Cultura

Felicísima pintura de referencia

  • El pintor sevillano Antonio Agudo exhibe en Santa Catalina un compendio de realidades formales y conceptuales que patrocinan una obra bien sustentada

Antonio Agudo. Castillo de Santa Catalina Cádiz

Existen varios artistas que por su valía creativa, por su trayectoria personal, por su particular lenguaje y por su carisma artístico, forman parte de ese significativo grupo que todos llevamos en nuestro más íntimo ideario. Antonio Agudo se encuentra, desde el primer momento en el que se conoce su obra, entre esos artistas que configuran una de las páginas más especiales de cualquier aficionado a lo artístico. Esto, que podría ser dialéctica periodística o interesado juego de palabras para comenzar un artículo, podemos testimoniarlo con un análisis pormenorizado de las coordenadas pictóricas que centran la realidad artística del pintor sevillano.

En primer lugar, la correcta, poderosa y determinante estructura de un dibujo que ejerce de especial arquitectura conformadora para cualquier desenlace. Por otro lado, una apasionada pincelada expresionista que envuelve de contundencia formal los esquemas planteados por el dibujo. Por último, un exacto y riguroso registro cromático que concede suma potestad representativa a un conjunto que adquiere absoluta fortaleza plástica. Esto permite atestiguar que la pintura de Antonio Agudo es un compendio de realidades formales y conceptuales que patrocinan una obra muy bien sustentada, perfectamente acondicionada en todos sus elementos y acertadamente llevada a cabo para convertirla en un auténtico testimonio de verdad creativa.

Me parece de lo más acertado programar una exposición de Antonio Agudo en cualquier espacio importante. El Castillo de Santa Catalina de la capital gaditana, no cabe la menor duda que lo es. La obra del pintor sevillano bien vale una muestra como ésta; sin embargo, se echa en falta un catálogo, aunque sea humilde por culpa de los recurrentes y tantas veces socorridos, recortes que generan los postulados de la crisis, que venga a ilustrar una exposición que está entre las mejores que han pasado por los antiguos recintos cuartelarios.

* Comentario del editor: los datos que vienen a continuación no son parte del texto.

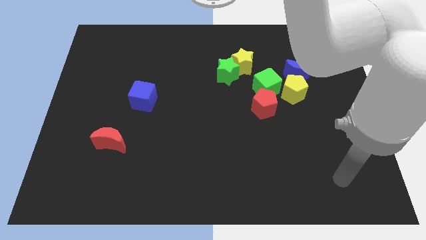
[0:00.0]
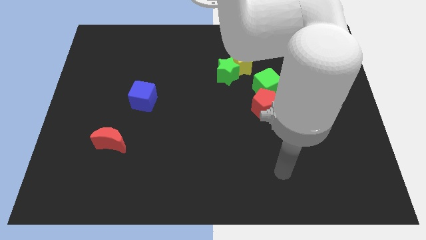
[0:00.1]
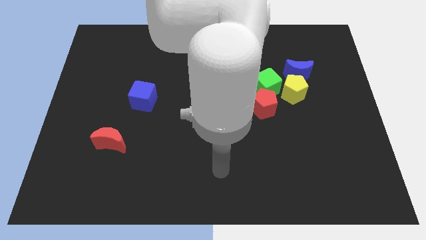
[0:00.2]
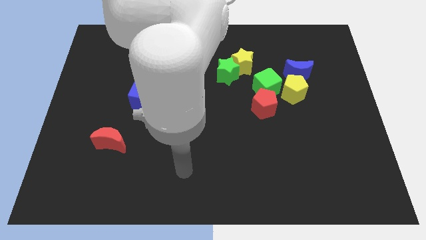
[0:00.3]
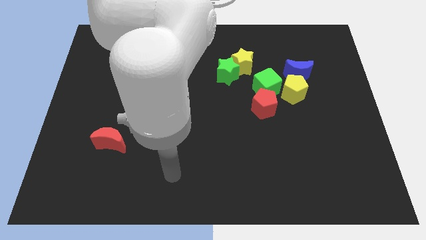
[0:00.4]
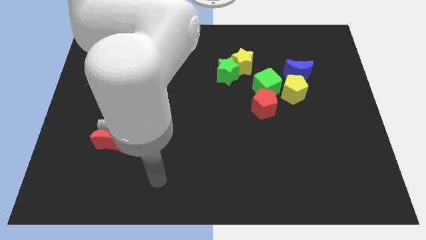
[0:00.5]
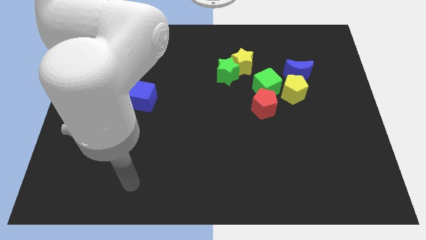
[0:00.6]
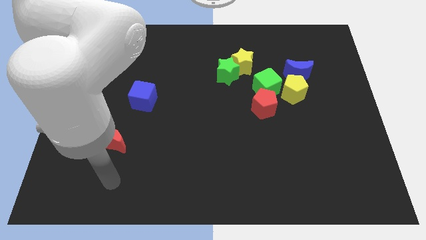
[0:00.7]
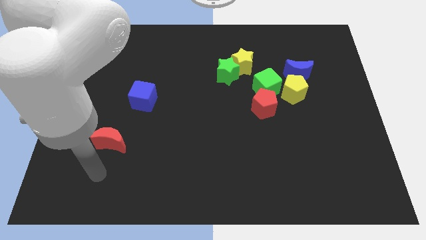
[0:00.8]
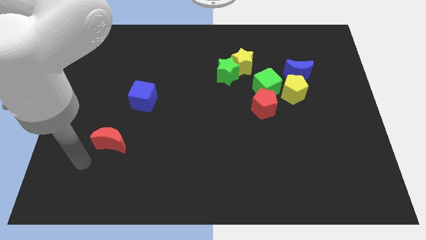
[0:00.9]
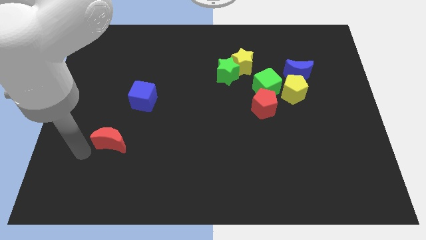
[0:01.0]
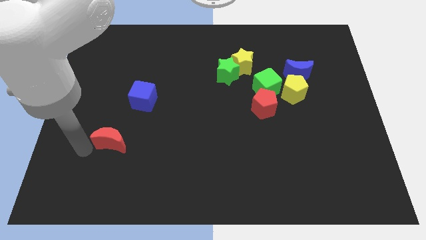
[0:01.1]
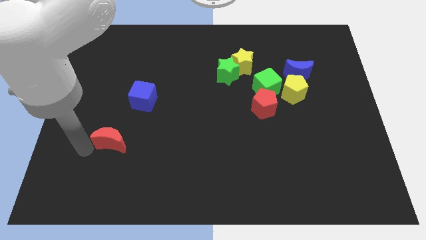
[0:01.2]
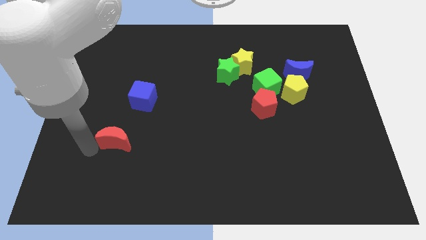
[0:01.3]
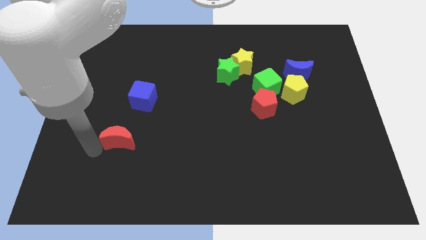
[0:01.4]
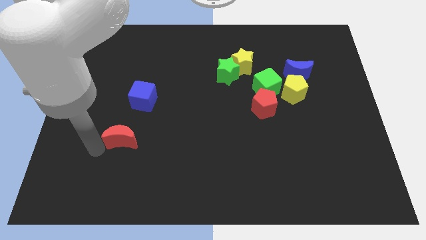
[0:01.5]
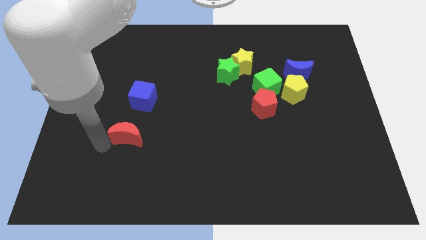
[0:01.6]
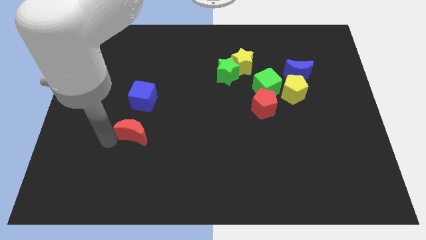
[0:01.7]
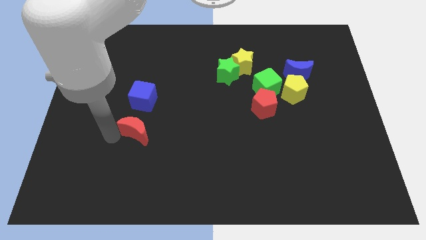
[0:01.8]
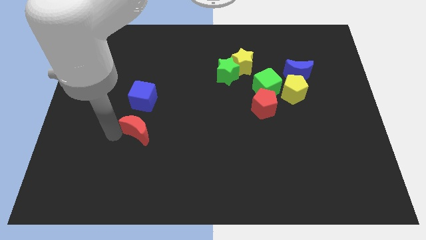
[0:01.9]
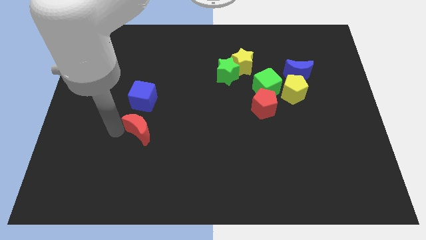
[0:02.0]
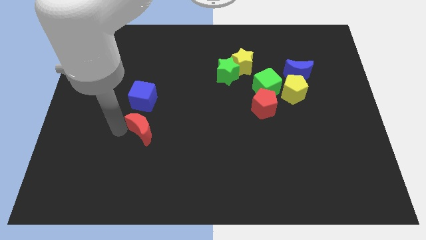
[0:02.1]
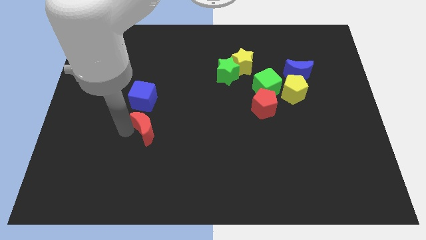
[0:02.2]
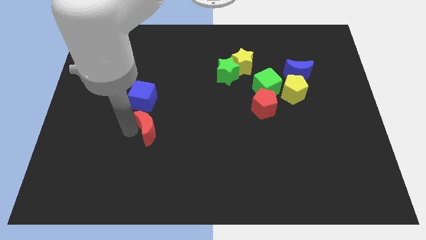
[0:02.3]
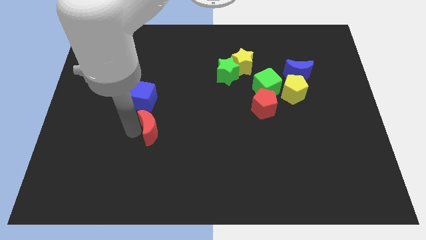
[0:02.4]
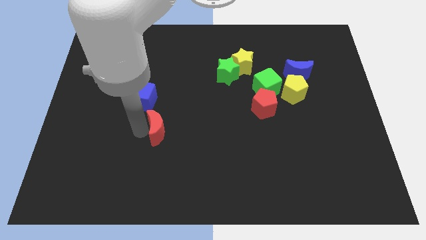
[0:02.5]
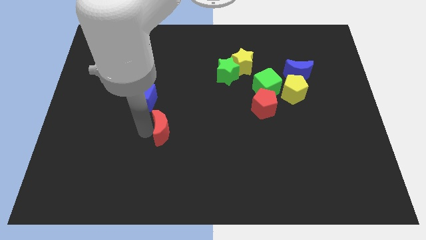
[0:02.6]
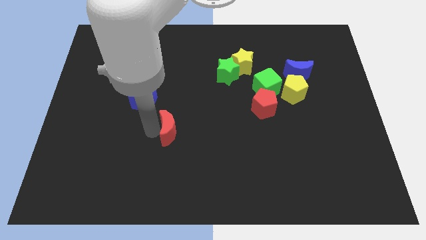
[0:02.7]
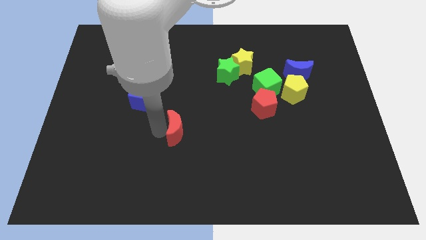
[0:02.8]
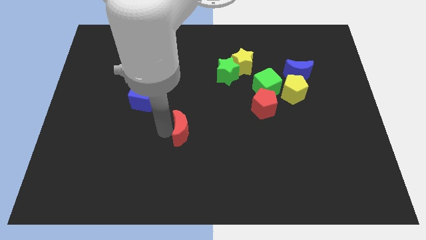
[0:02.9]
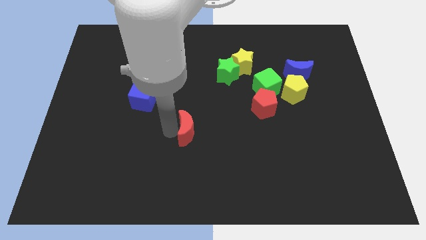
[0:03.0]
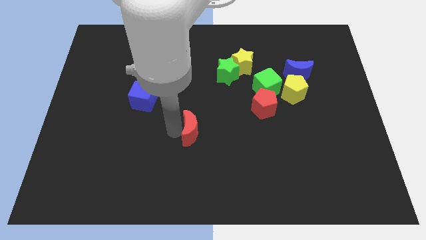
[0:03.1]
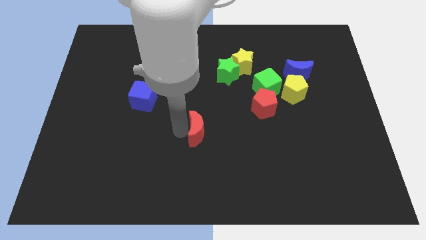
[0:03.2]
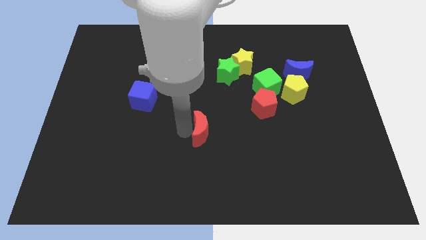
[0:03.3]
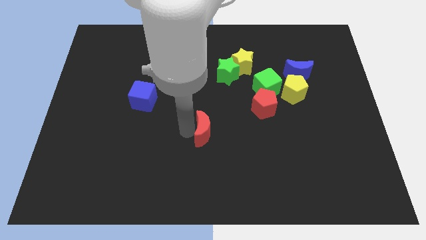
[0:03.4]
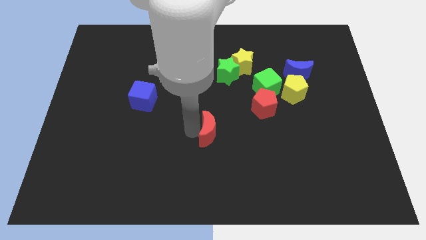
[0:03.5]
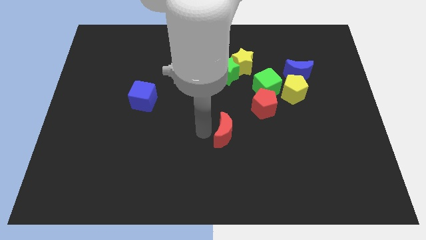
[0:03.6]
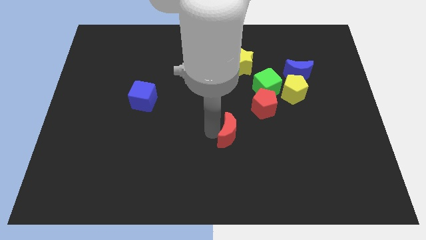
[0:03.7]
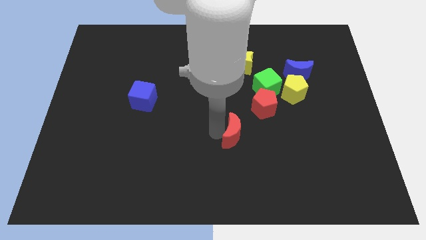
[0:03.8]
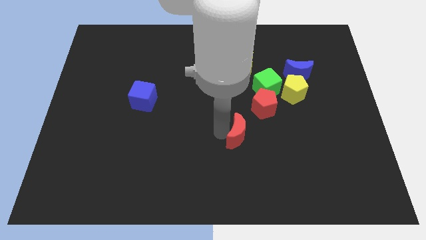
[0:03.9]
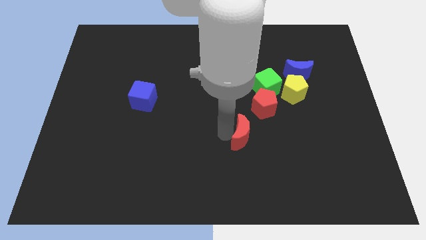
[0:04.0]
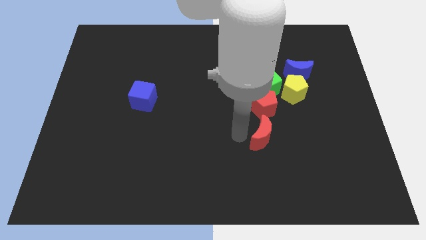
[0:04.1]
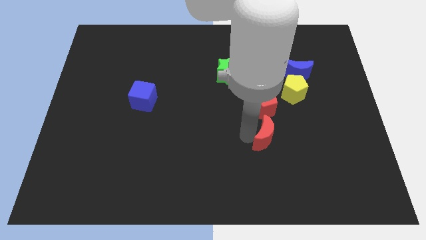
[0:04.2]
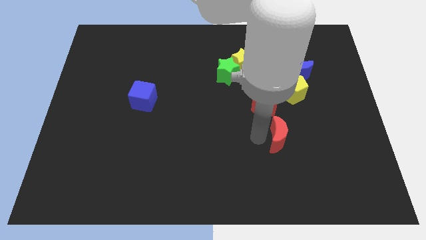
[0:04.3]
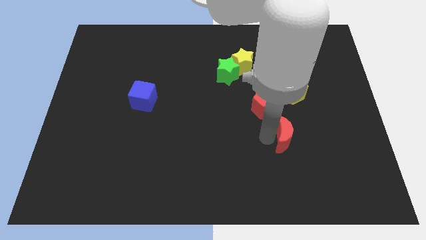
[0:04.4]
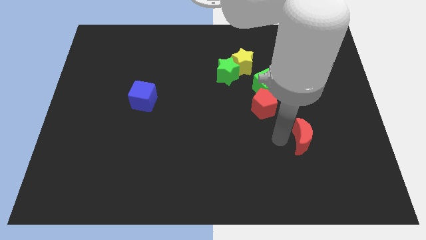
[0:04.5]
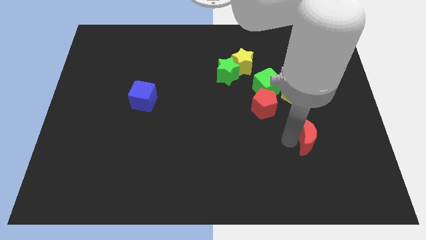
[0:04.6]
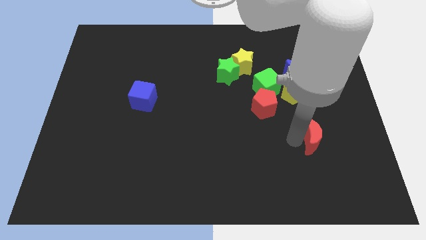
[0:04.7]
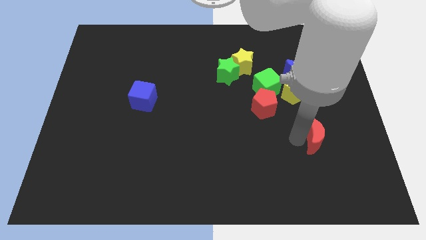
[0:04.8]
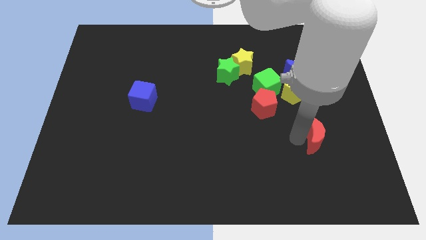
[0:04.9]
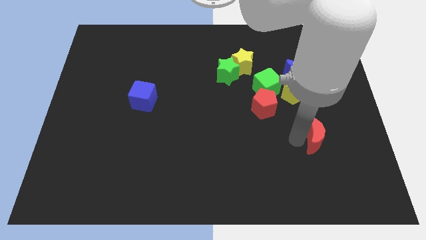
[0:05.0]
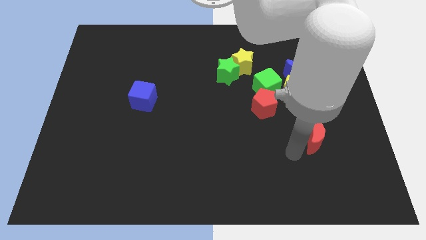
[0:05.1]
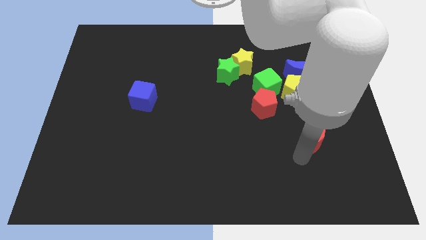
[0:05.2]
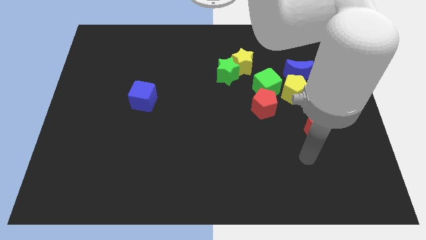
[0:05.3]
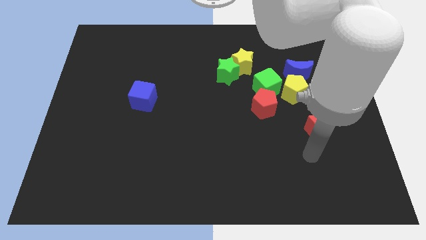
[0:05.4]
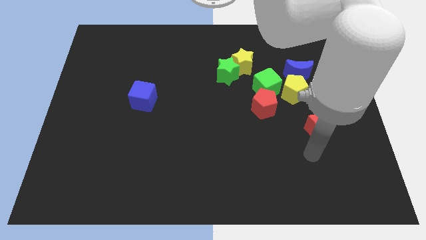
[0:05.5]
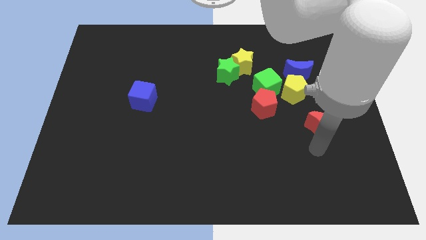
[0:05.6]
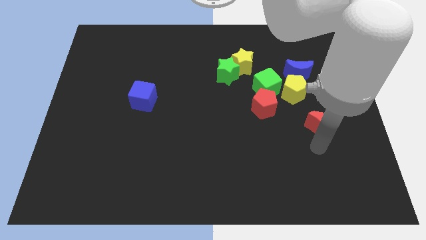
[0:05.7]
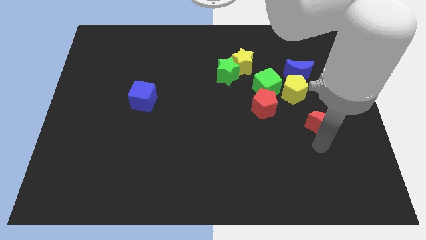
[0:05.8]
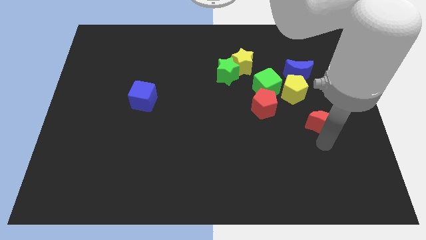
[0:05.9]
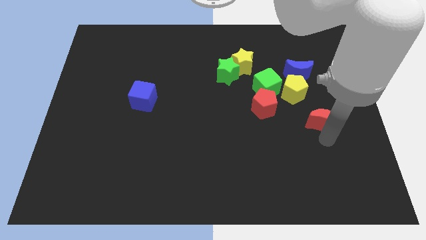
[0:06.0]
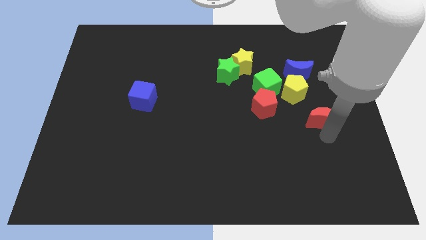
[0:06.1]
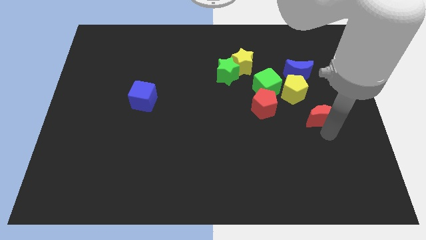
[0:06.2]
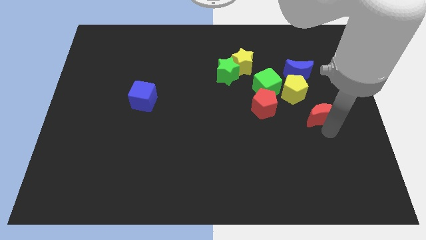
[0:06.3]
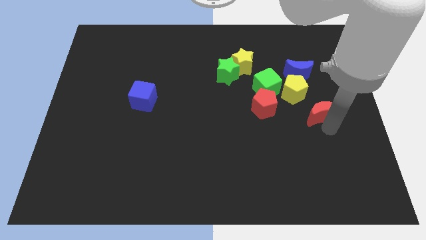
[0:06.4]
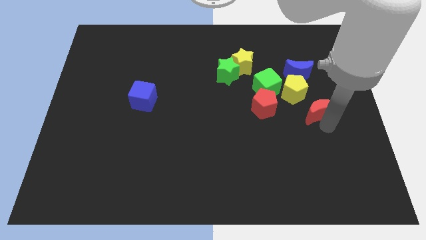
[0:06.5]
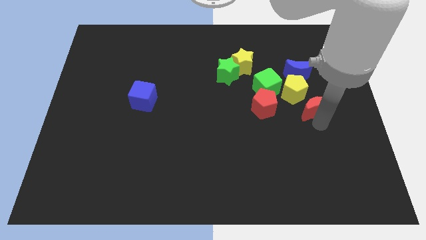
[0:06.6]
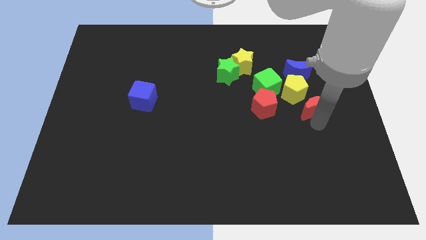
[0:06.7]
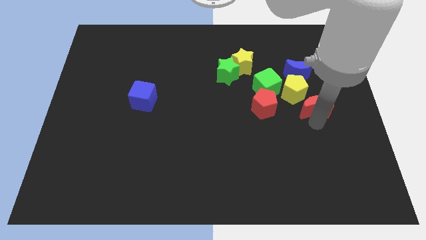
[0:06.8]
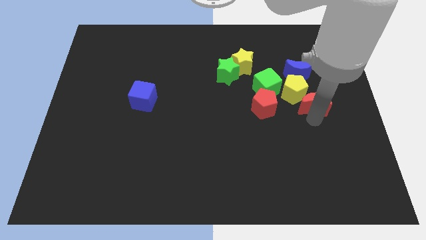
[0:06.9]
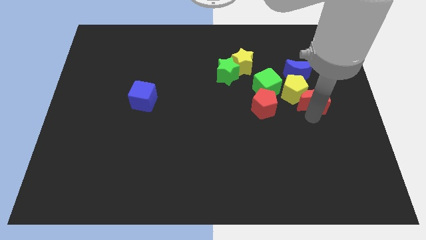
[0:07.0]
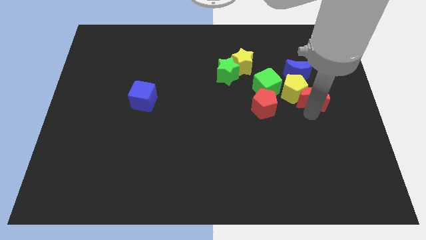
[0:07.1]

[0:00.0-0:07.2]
move the red moon to the yellow pentagon

No obstante, con catálogo o sin catálogo, la pintura de Antonio Agudo es una auténtica lección de expresionismo figurativo, una espléndida manifestación de cómo la potencia de un simple gesto pictórico recrea y posibilita una extensa parcela expresiva que magnifica la realidad hasta posicionarla en sus máximos ilustrativos.

La exposición, excelsa en fondo y forma y muy bien estructurada en su distribución museográfica se divide en varias series a las que une su contundencia formal, su fuerza visual, sus extremos confortantes de limpia, exacta y determinante pincelada. Paisajes de México, playas conileñas, escenas callejeras extraídas de distintos viajes por el mundo hasta unas escuetas acuarelas de inmediata filiación, unos retratos y un apasionante autorretrato donde la potencia visual del expresionismo adopta toda su marginalidad plástica.

En la obra de Antonio Agudo, sobre todo en aquellas que nos ofrece paisajes mexicanos y de las playas y acantilados de Conil, lo concreto diluye sus contornos en beneficio de un gestualismo que casi se sitúa en los márgenes de una abstracción que ha reducido al máximo la representación para alcanzar un grado de fuerte materialidad plástica y absoluto expresionismo.

Sí hemos tenido, desde hace muchos años, una especial inclinación hacia el poder pictórico de Antonio Agudo, maestro artista y artista maestro; ahora, con la madurez imponiendo esos esquemas que permiten la más absoluta libertad creativa, seguimos contemplando que los entusiasmos anteriores singuen absolutamente vivos y que los mágicos desarrollos de esa pintura total que él llega a elevar a felices extremos siguen imperando y potenciando la máxima clarividencia de un arte que él hace absoluto y sin lugar alguno para que exista la más mínima duda.

Muy buen momento para seguir la gran estela del expresionismo figurativo y pasional de uno de los artistas que, desde hace muchos años, tenemos como felicísima referencia.